What to work on – Without the pictures, set down everything in the listing exactly.

□ □ □ □ □ □ □

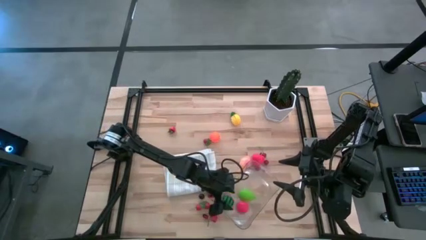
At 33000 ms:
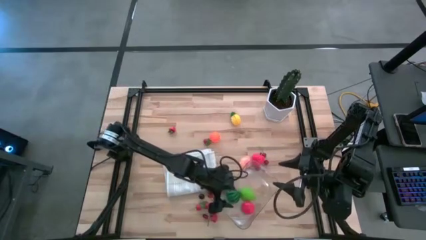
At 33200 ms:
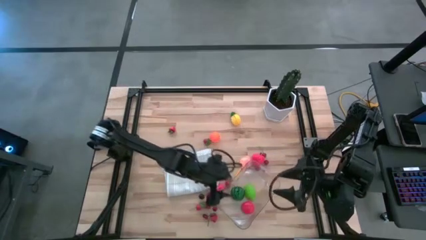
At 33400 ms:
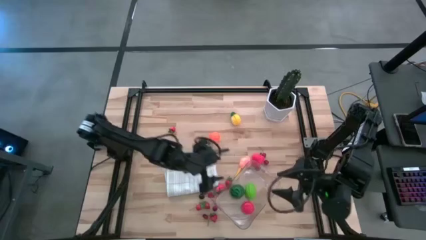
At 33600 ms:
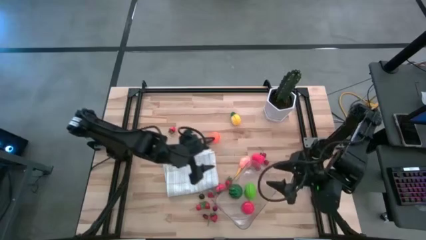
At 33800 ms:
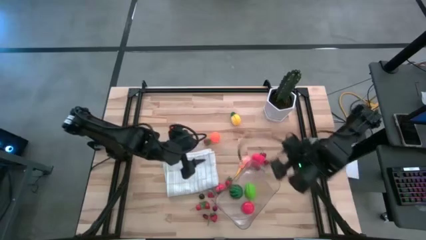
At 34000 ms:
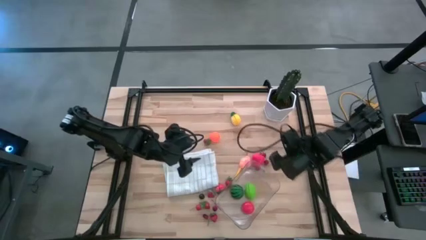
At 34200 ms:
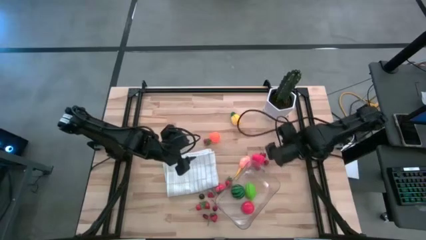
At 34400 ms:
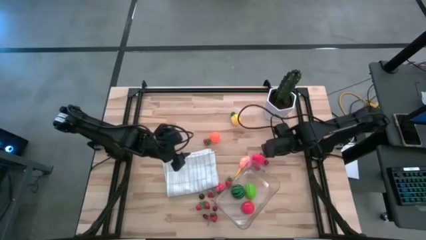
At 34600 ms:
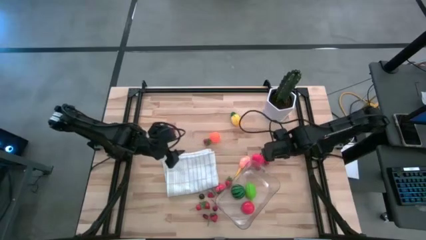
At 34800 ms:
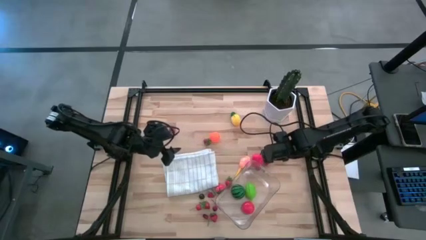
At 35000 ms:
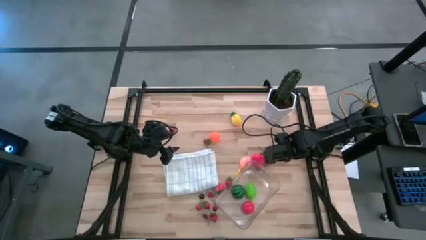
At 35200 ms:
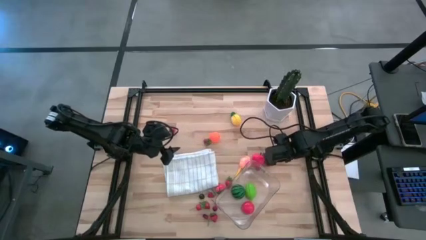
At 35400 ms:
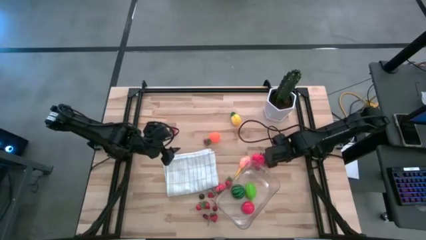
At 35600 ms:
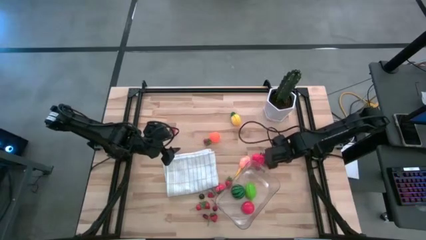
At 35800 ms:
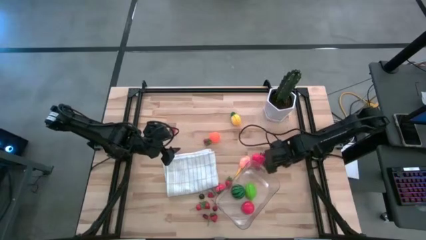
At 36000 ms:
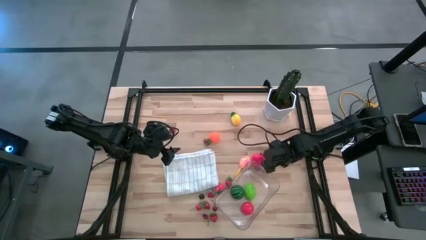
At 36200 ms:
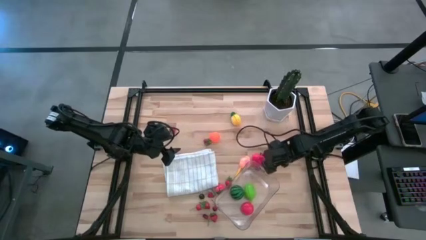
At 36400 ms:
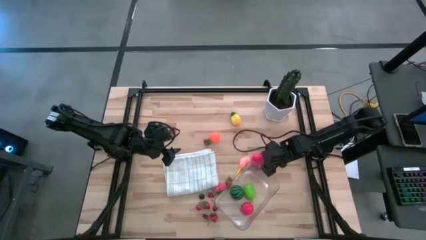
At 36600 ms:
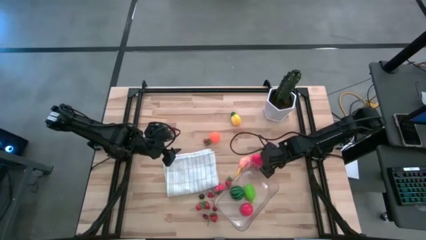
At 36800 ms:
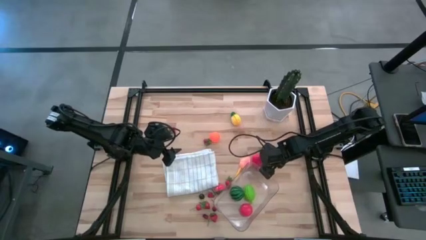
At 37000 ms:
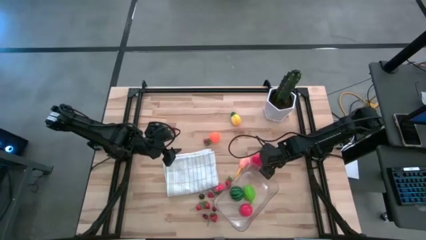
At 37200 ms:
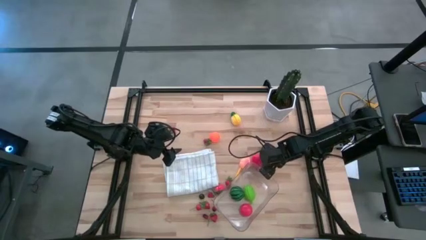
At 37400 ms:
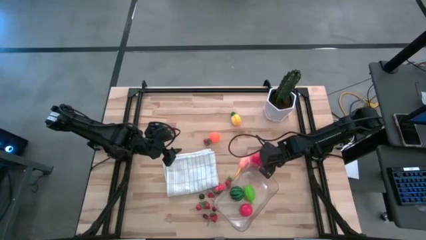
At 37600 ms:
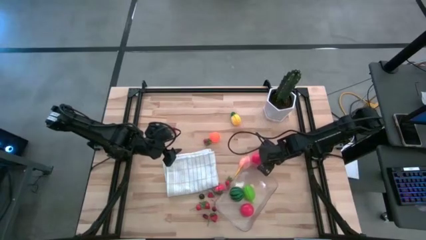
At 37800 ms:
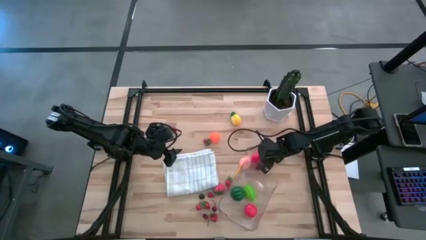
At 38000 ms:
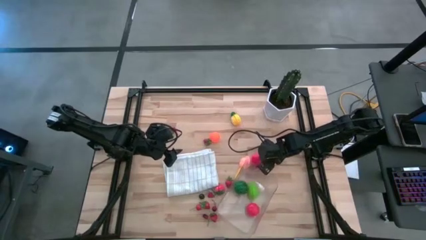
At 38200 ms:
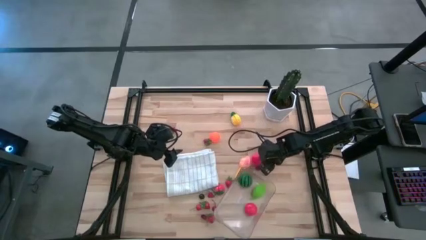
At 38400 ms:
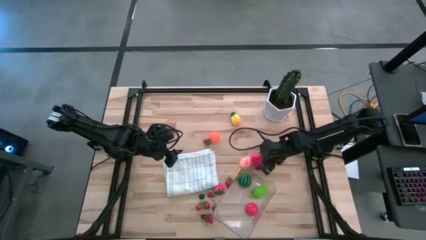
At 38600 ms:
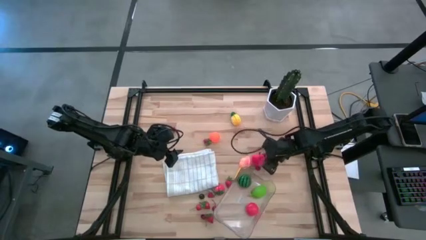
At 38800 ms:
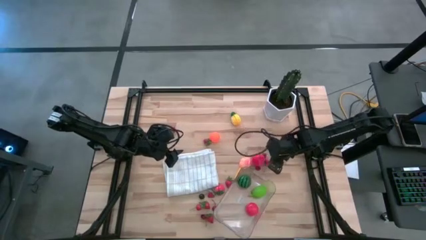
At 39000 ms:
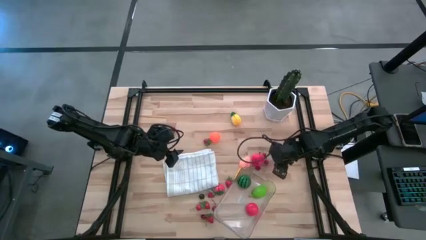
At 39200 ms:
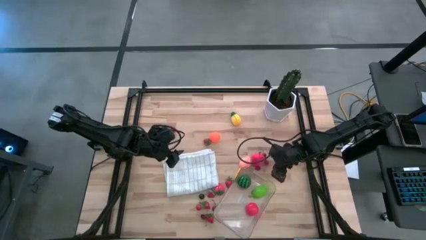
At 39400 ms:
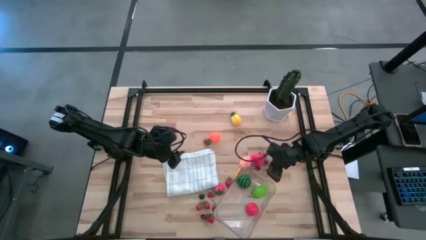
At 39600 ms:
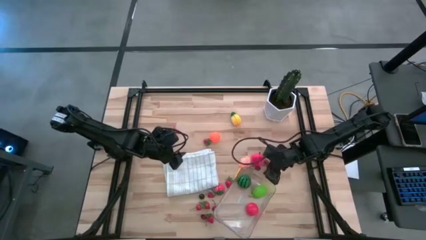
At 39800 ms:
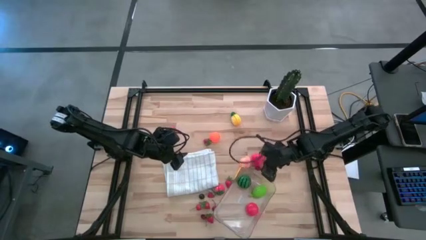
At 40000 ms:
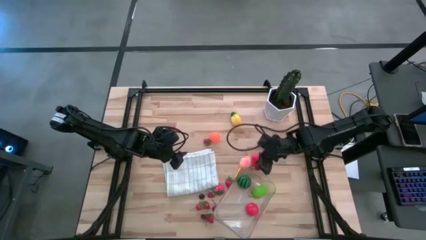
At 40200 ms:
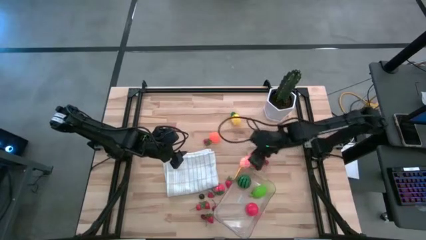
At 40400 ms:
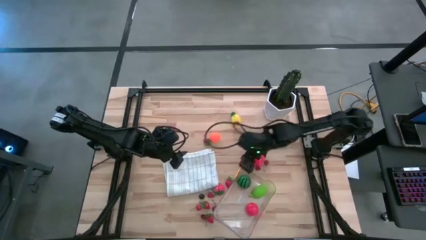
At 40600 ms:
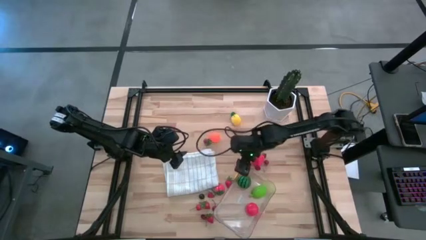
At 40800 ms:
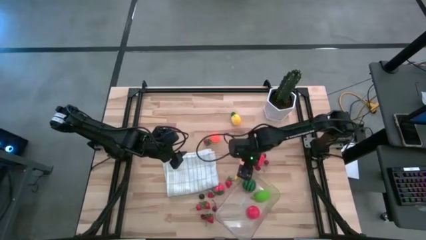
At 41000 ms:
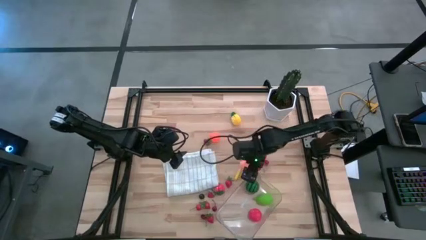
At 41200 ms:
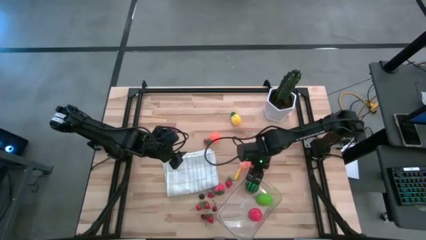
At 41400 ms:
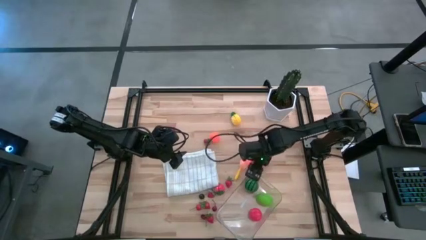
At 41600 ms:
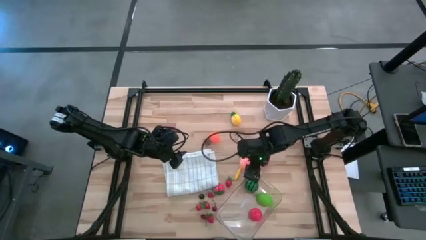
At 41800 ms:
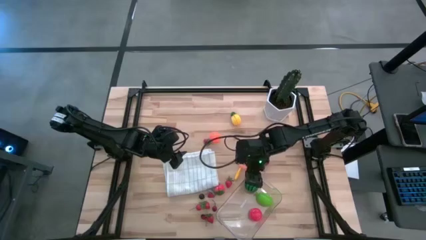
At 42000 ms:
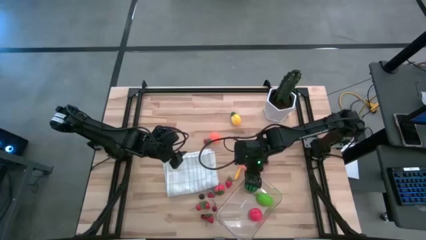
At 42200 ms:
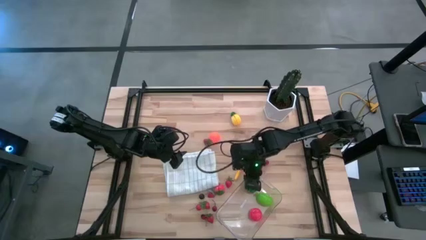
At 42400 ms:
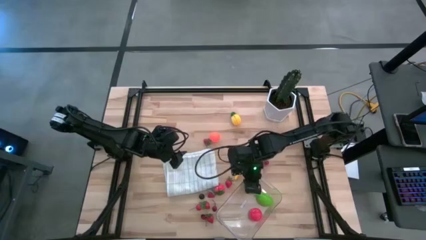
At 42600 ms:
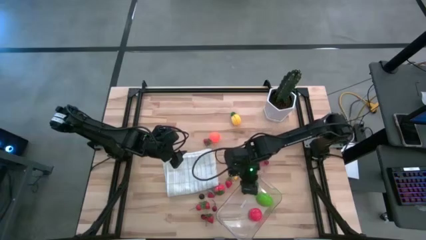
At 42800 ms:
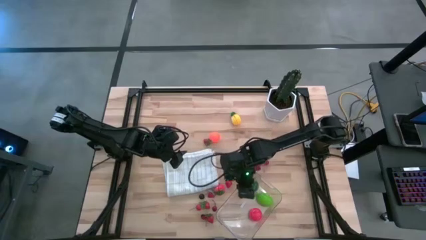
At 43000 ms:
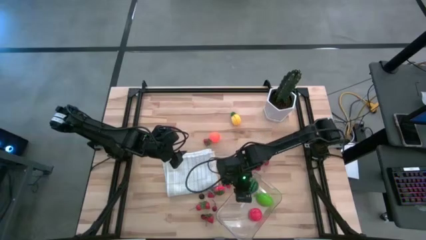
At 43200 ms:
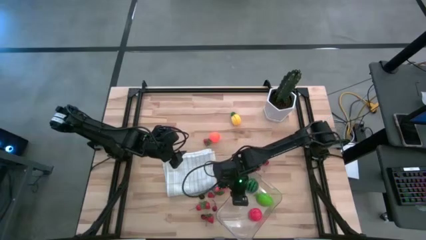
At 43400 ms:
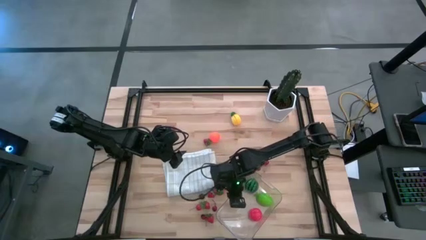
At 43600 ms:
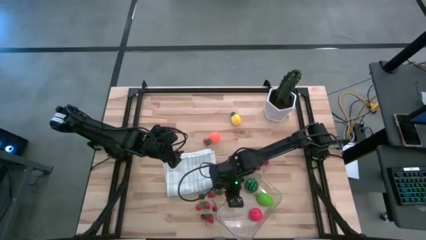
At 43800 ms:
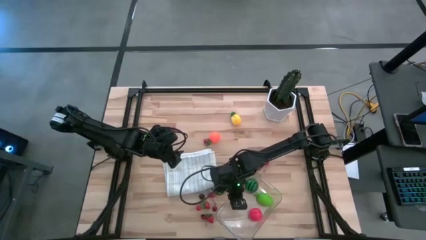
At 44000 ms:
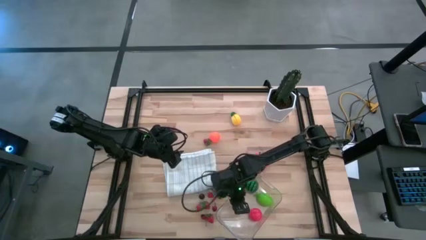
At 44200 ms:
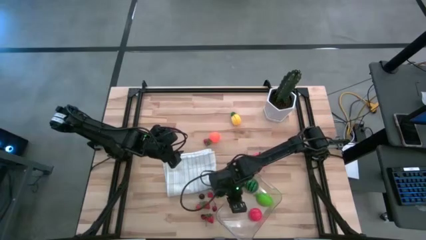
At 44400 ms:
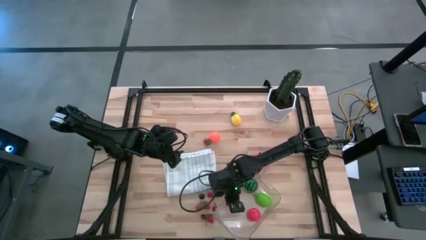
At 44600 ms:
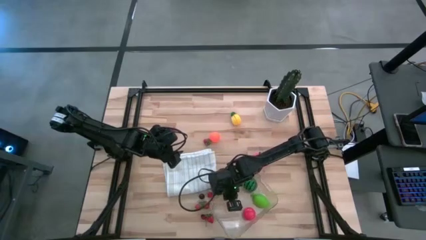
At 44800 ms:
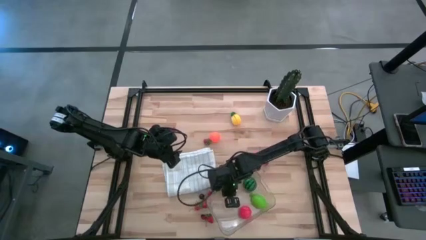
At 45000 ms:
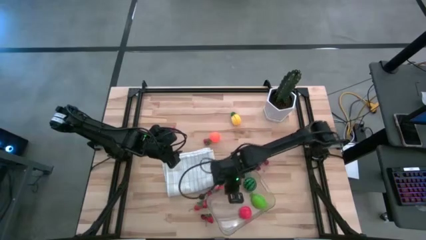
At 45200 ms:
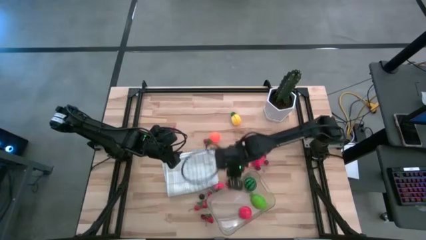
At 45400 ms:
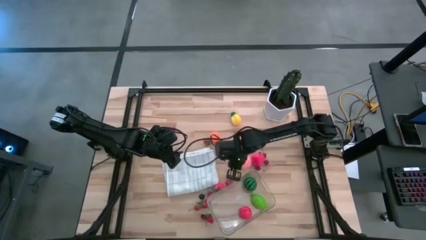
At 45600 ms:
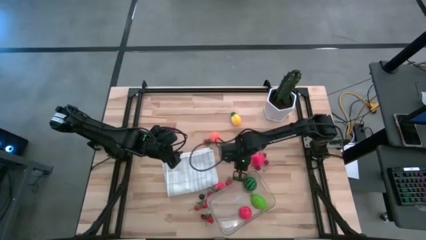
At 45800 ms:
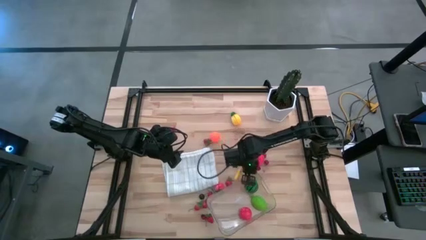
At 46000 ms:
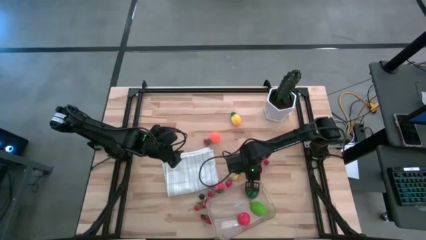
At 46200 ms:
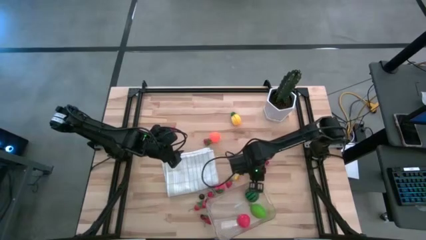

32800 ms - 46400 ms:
Task: Pick and placing Produce into tupperware
Adjust the transparent bin

□ □ □ □ □ □ □

Expected answer –
At 33000 ms:
At 33200 ms:
At 33400 ms:
At 33600 ms:
At 33800 ms:
At 34000 ms:
At 34200 ms:
At 34400 ms:
At 34600 ms:
At 34800 ms:
At 35000 ms:
At 35200 ms:
At 35400 ms:
At 35600 ms:
At 35800 ms:
At 36000 ms:
At 36200 ms:
At 36400 ms:
At 36600 ms:
At 36800 ms:
At 37000 ms:
At 37200 ms:
At 37400 ms:
At 37600 ms:
At 37800 ms:
At 38000 ms:
At 38200 ms:
At 38400 ms:
At 38600 ms:
At 38800 ms:
At 39000 ms:
At 39200 ms:
At 39400 ms:
At 39600 ms:
At 39800 ms:
At 40000 ms:
At 40200 ms:
At 40400 ms:
At 40600 ms:
At 40800 ms:
At 41000 ms:
At 41200 ms:
At 41400 ms:
At 41600 ms:
At 41800 ms:
At 42000 ms:
At 42200 ms:
At 42400 ms:
At 42600 ms:
At 42800 ms:
At 43000 ms:
At 43200 ms:
At 43400 ms:
At 43600 ms:
At 43800 ms:
At 44000 ms:
At 44200 ms:
At 44400 ms:
At 44600 ms:
At 44800 ms:
At 45000 ms:
At 45200 ms:
At 45400 ms:
At 45600 ms:
At 45800 ms:
At 46000 ms:
At 46200 ms:

32800 ms - 46400 ms:
Task: Pick and placing Produce into tupperware
Adjust the transparent bin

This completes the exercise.